Digital signatures can be added to any piece of data: add a column to a database. It's a catastrophe to make a private key a requirement of adding to a ledger, since in practice, people lose/steal/etc. them.

Yes, you can add digital signatures to any kind of data. Basic REST doesn't do this however, so already we're beyond what it does.

Now think it through some more: with what certificate is that signature associated? You need some sort of PKI that's built to a level that can replace wet ink signatures in all business transactions. What bytes are signed? You need some agreement on serialization because you can't actually sign a database column unless it's just a byte array. Now how do you get that signature to people? It has to stay associated with the data as it moves around, which it won't do it if it's just sitting in a database column, so you need some protocol to ensure it gets to the right place at the right time. But transactions are ultimately performed between people, or legal identities, not IP addresses, so you need a way to map those. Domain names aren't it because they don't represent e.g. sub-departments, subsidiaries, individual employees, so you need a naming service that reflects organizational structures in a less ad-hoc way.

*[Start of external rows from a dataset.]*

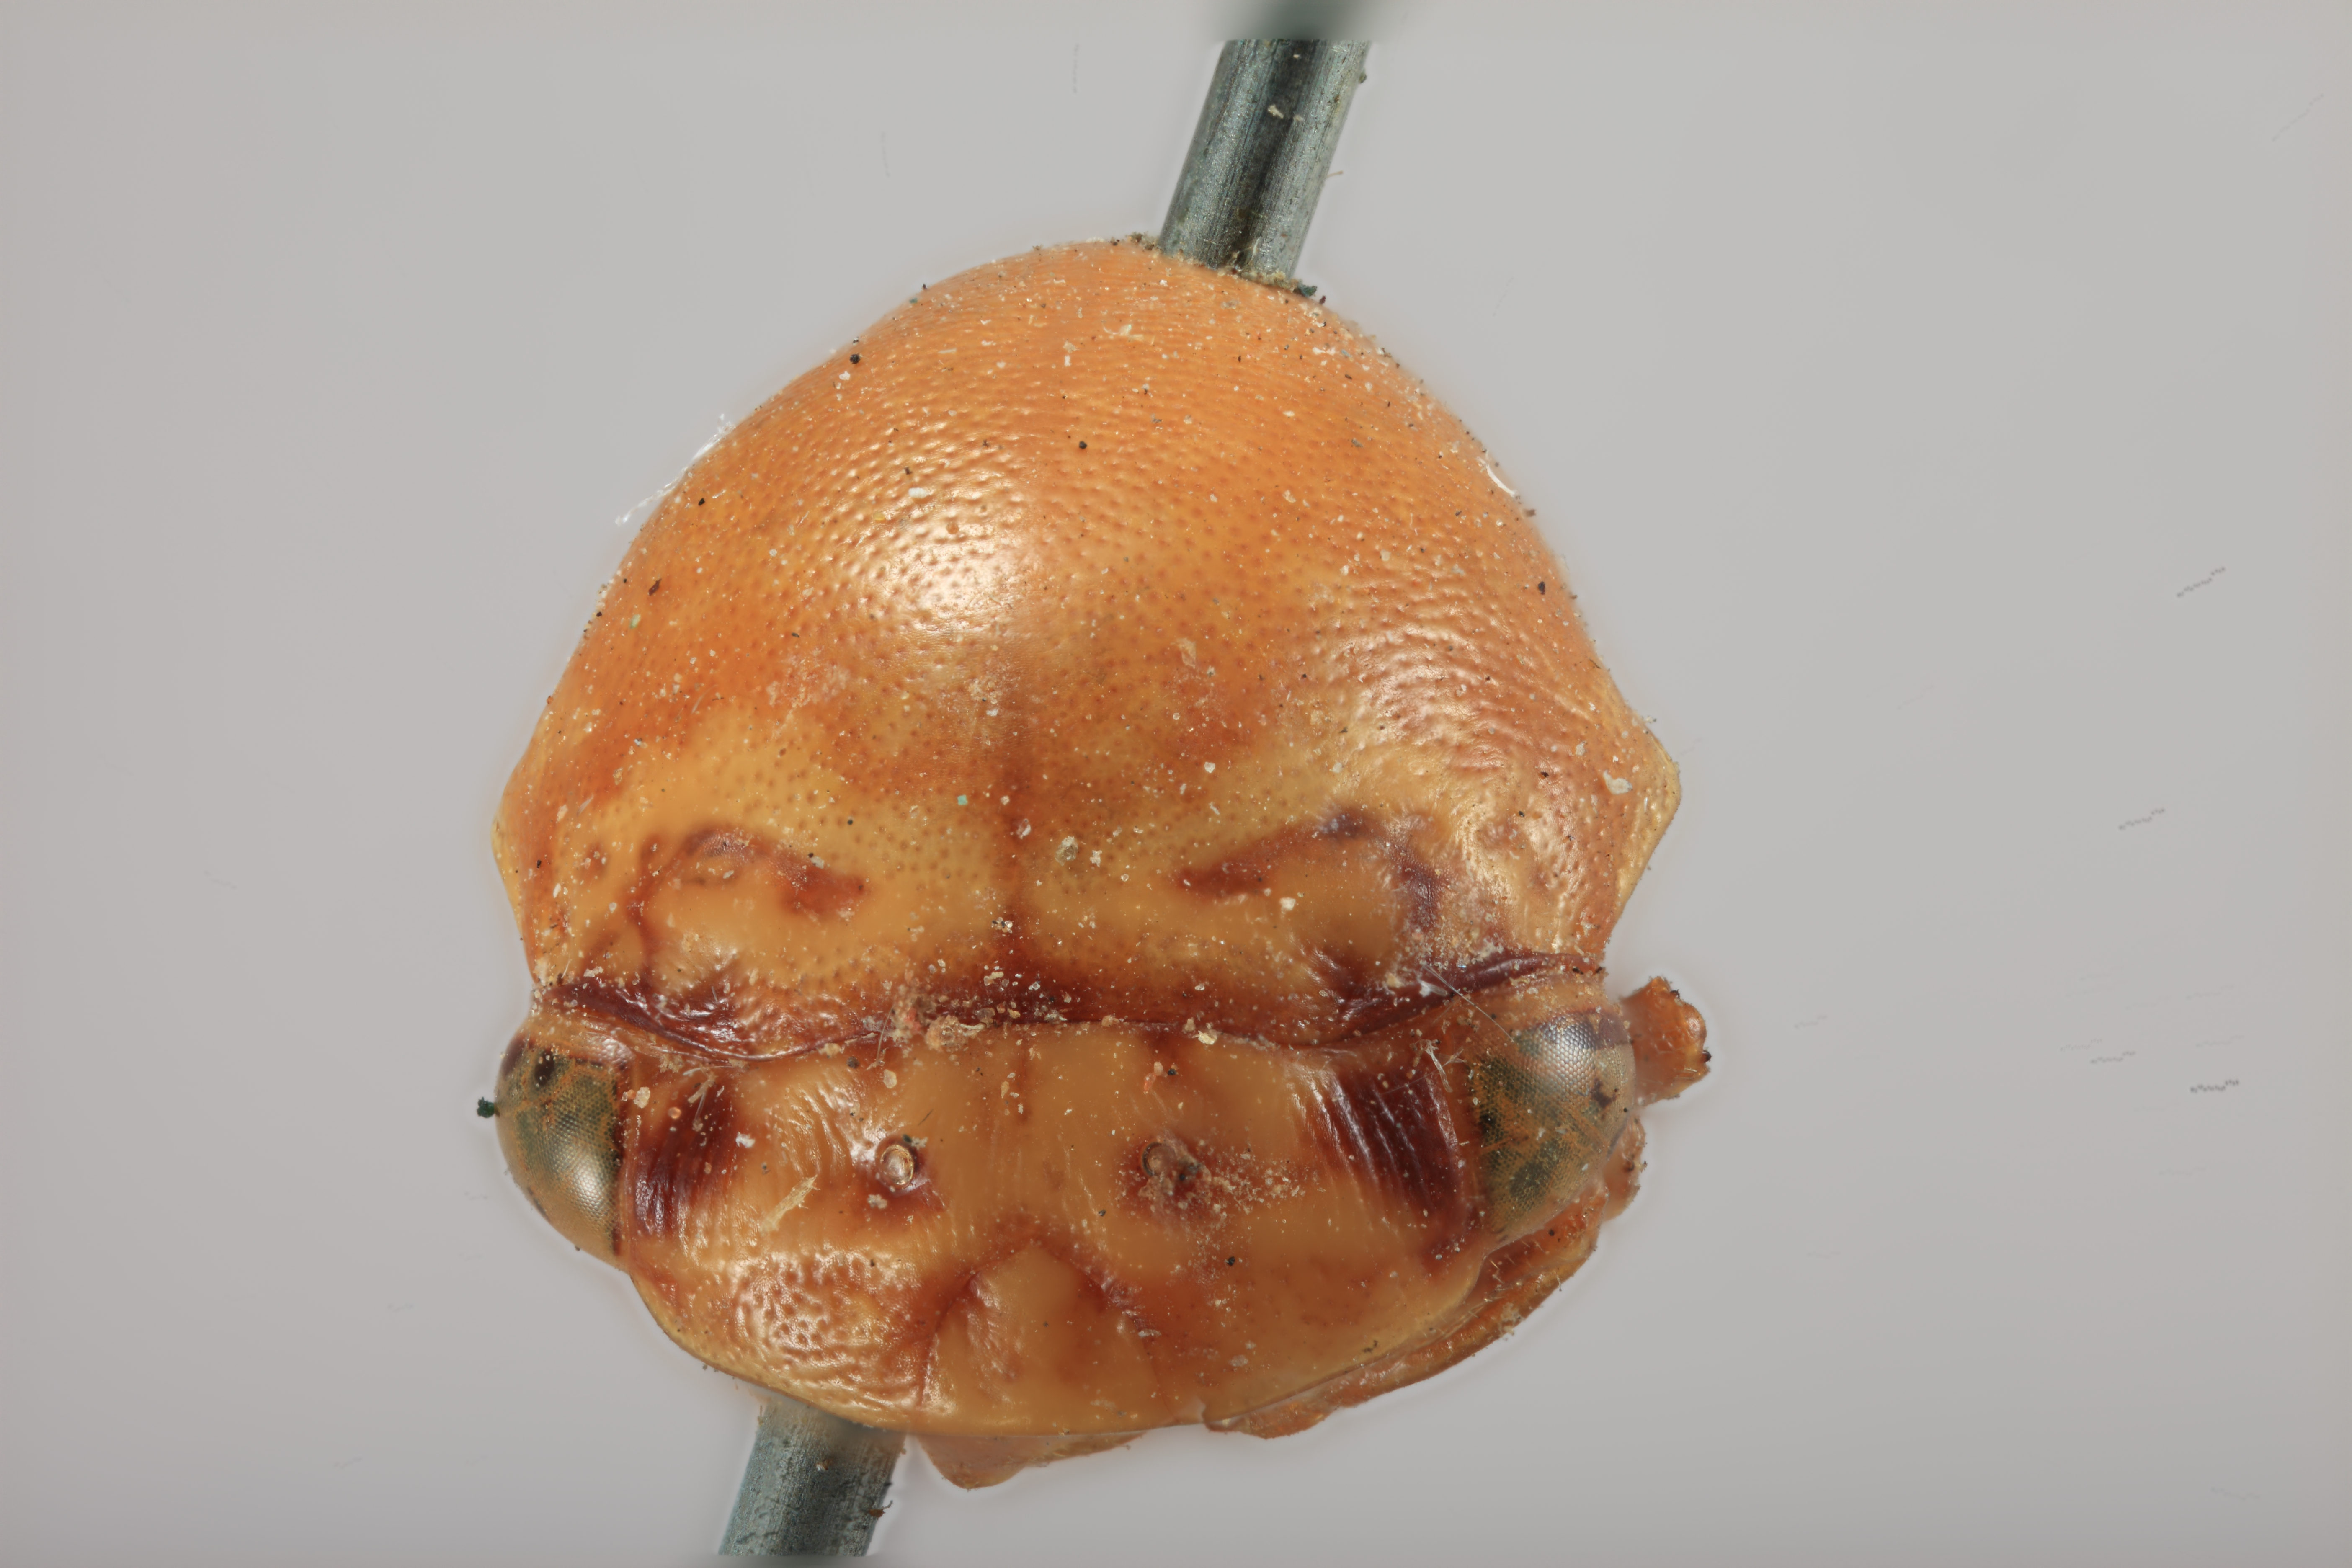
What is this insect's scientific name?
Stictopelta arizona
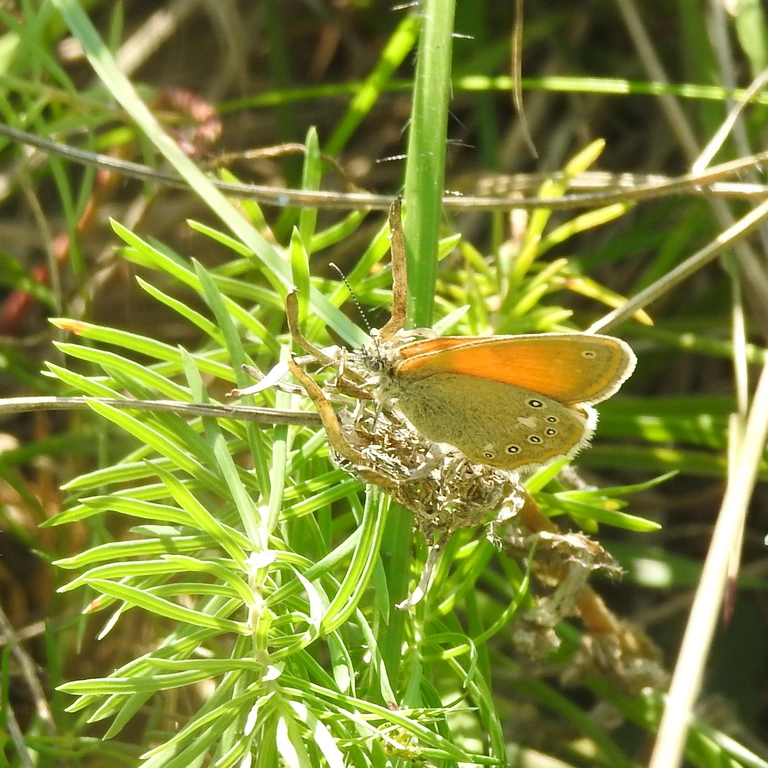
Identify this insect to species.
Coenonympha glycerion (also Coenonympha iphis)
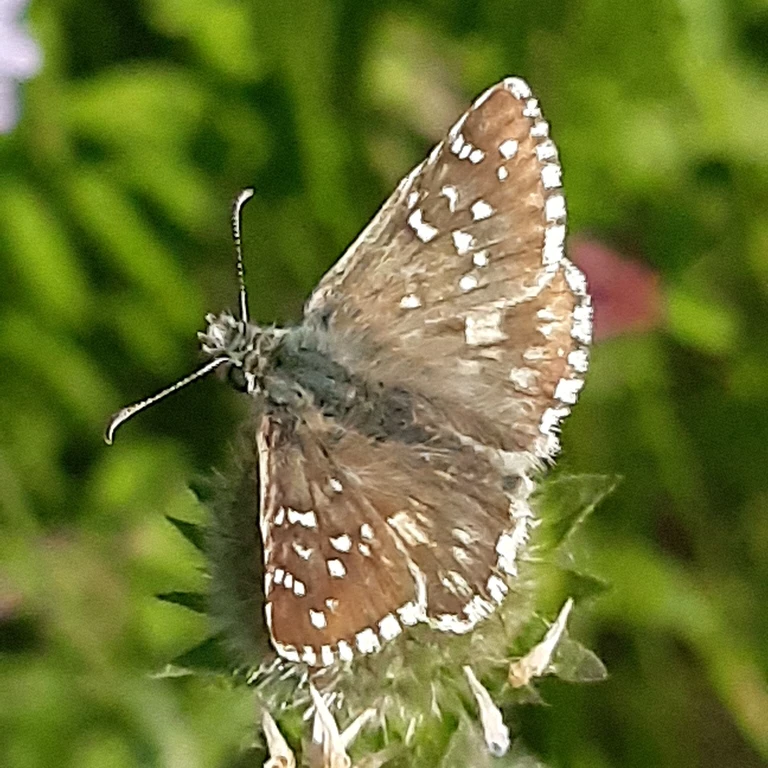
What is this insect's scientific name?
Pyrgus armoricanus
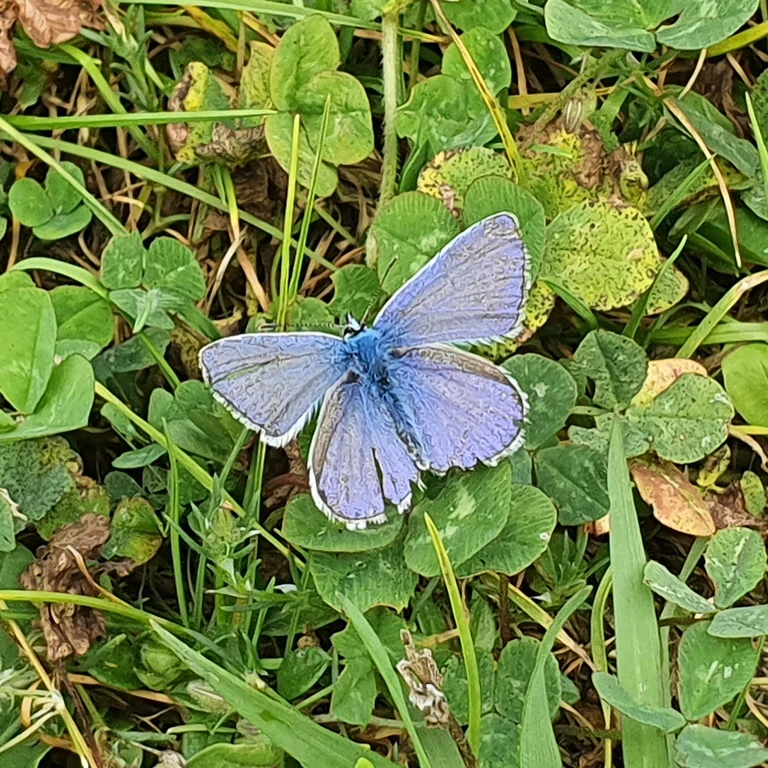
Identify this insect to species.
Polyommatus icarus
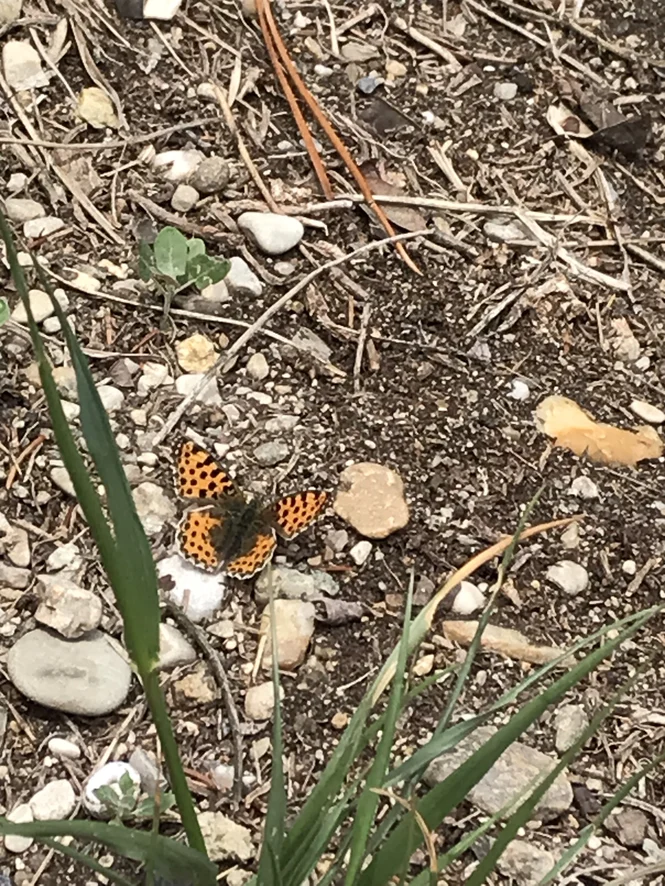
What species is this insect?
Issoria lathonia
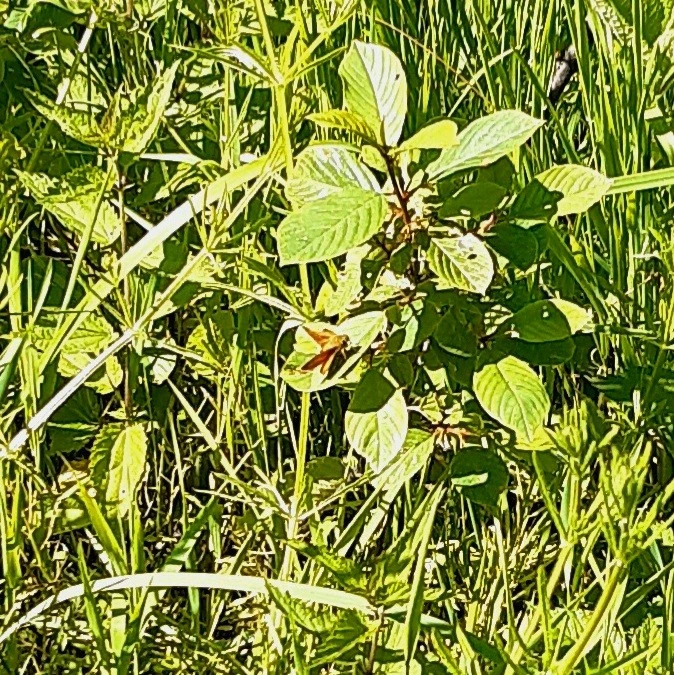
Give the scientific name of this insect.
Ochlodes sylvanus (also Ochlodes venata)

Finally, what happens if two users click "Submit" near simultaneously on two conflicting edits? You need some way to resolve the conflict, but recall, these are peer institutions. There isn't one that's the authority and one that's not. That's the whole problem we're trying to solve. So you need some sort of consensus algorithm that can resolve transactions that conflict, which reflects the peer to peer nature of the underlying business relationships.

By the time you've built all of that + lots more, you've got an enterprise blockchain platform. Does it actually contain blocks? Well, the one I designed didn't actually, and sometimes we didn't even call it a blockchain at all. But that's the terminology the business world settled on for this type of system.